Despite the fact that energy prices rose to previously unheard-of heights, 2022 was a dismal year for France’s state-owned power provider EDF, which suffered record yearly losses of €17.9 billion (£16 billion).
Energy price caps for French consumers had a significant negative impact on EDF’s profits, as did the forced shutdown of many of its nuclear power plants for maintenance.
The losses are the worst in more than 20 years and rank third in the history of French corporations.
Debts owed by EDF have risen to €64.5 billion.
On an underlying basis, EDF suffered losses of €4.99 billion.
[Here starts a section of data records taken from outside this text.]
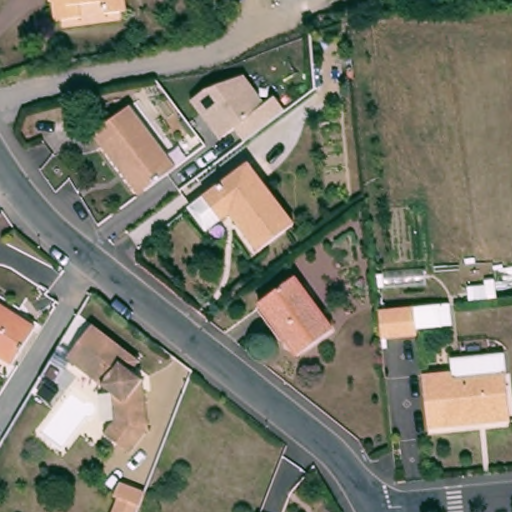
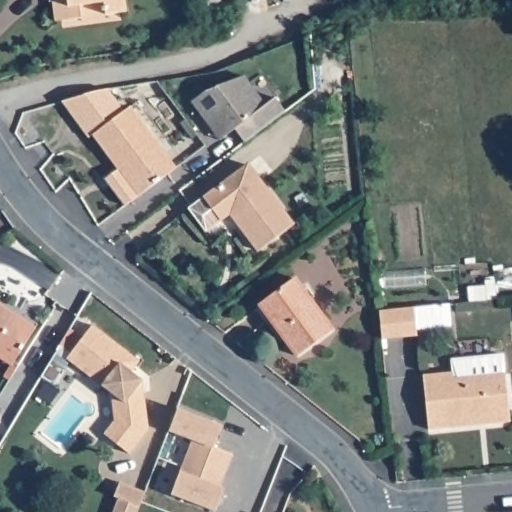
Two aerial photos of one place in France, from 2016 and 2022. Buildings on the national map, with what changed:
unchanged [(132,15),(110,17),(110,6),(86,9),(87,17),(86,20),(61,22),(60,1),(55,2),(55,0),(130,0),(132,15)]
unchanged [(234,126),(216,138),(192,101),(246,75),(265,103),(278,97),(285,110),(244,141),(234,126)]
unchanged [(110,151),(99,136),(138,110),(181,172),(151,193),(144,198),(110,151)]
unchanged [(250,166),(295,227),(262,250),(235,212),(222,222),(205,198),(250,166)]
unchanged [(299,279),(337,332),(301,357),(263,303),(299,279)]
unchanged [(16,362),(0,353),(0,303),(39,327),(16,362)]
unchanged [(423,308),(441,306),(443,326),(418,328),(419,335),(384,339),(381,312),(417,309),(423,308)]
unchanged [(141,356),(145,360),(143,361),(136,370),(147,379),(142,385),(149,391),(152,428),(132,452),(107,431),(119,418),(116,391),(72,355),(100,322),(141,356)]
unchanged [(432,430),(427,376),(455,373),(455,380),(509,374),(512,410),(512,423),(488,425),(456,427),(432,430)]
new [(179,407),(223,425),(215,446),(233,453),(220,486),(225,488),(215,510),(171,492),(193,439),(170,430),(179,407)]
unchanged [(112,500),(119,482),(145,492),(137,512),(113,512),(117,501),(112,500)]

The amount stood in stark contrast to EDF’s UK-based business, which generated an under-the-radar profit of £1.12 billion (€1.26 billion) while providing gas and electricity to five million households.
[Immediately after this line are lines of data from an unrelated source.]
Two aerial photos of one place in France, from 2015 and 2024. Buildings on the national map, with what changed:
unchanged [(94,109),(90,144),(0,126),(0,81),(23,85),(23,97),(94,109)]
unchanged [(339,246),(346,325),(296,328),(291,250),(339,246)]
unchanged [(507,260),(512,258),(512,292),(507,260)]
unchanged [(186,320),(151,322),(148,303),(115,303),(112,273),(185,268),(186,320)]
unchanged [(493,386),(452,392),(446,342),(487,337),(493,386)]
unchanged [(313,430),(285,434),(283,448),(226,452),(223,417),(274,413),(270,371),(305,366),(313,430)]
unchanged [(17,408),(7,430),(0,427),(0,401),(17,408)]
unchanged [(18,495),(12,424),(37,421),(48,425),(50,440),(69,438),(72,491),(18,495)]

In response to Russia’s invasion of Ukraine, President Emmanuel Macron’s administration in France implemented a tariff “shield” for consumers that restricts energy companies to a 4% increase in 2022 and a 15% increase in 2023, keeping inflation lower than in other European nations.
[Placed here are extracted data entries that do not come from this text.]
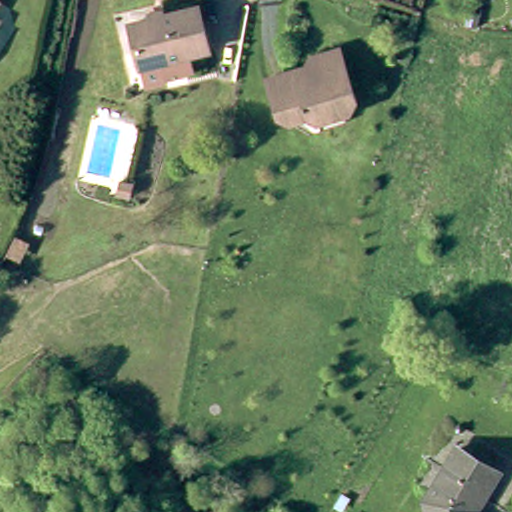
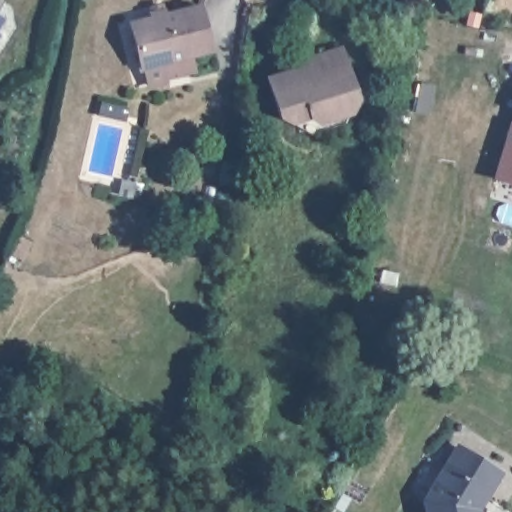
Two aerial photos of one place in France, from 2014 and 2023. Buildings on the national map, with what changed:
unchanged [(2,0),(3,1),(0,6),(0,0),(2,0)]
unchanged [(151,90),(146,71),(136,28),(155,23),(154,17),(168,14),(169,20),(204,11),(216,54),(166,66),(171,84),(151,90)]
unchanged [(6,22),(0,33),(0,17),(6,22)]
unchanged [(4,37),(0,43),(0,34),(4,37)]
unchanged [(309,132),(289,117),(281,111),(271,72),(294,66),(301,70),(311,67),(310,63),(314,54),(342,47),(356,101),(353,109),(347,122),(309,132)]
new [(512,120),(512,184),(492,178),(511,120),(512,120)]
unchanged [(127,194),(114,191),(118,179),(130,182),(127,194)]
unchanged [(431,500),(464,447),(504,473),(481,508),(482,512),(433,512),(431,500)]

Nonetheless, it meant that EDF had to sell electricity at a loss to French consumers while UK consumers paid far more for their energy. In France, EDF controls over 80% of the electricity market.
Since 2002, when Vivendi Universal and France Telecom both reported losses above €20 billion for the prior year, the French industry has not experienced such dismal outcomes.
Never before had EDF disclosed such significant losses.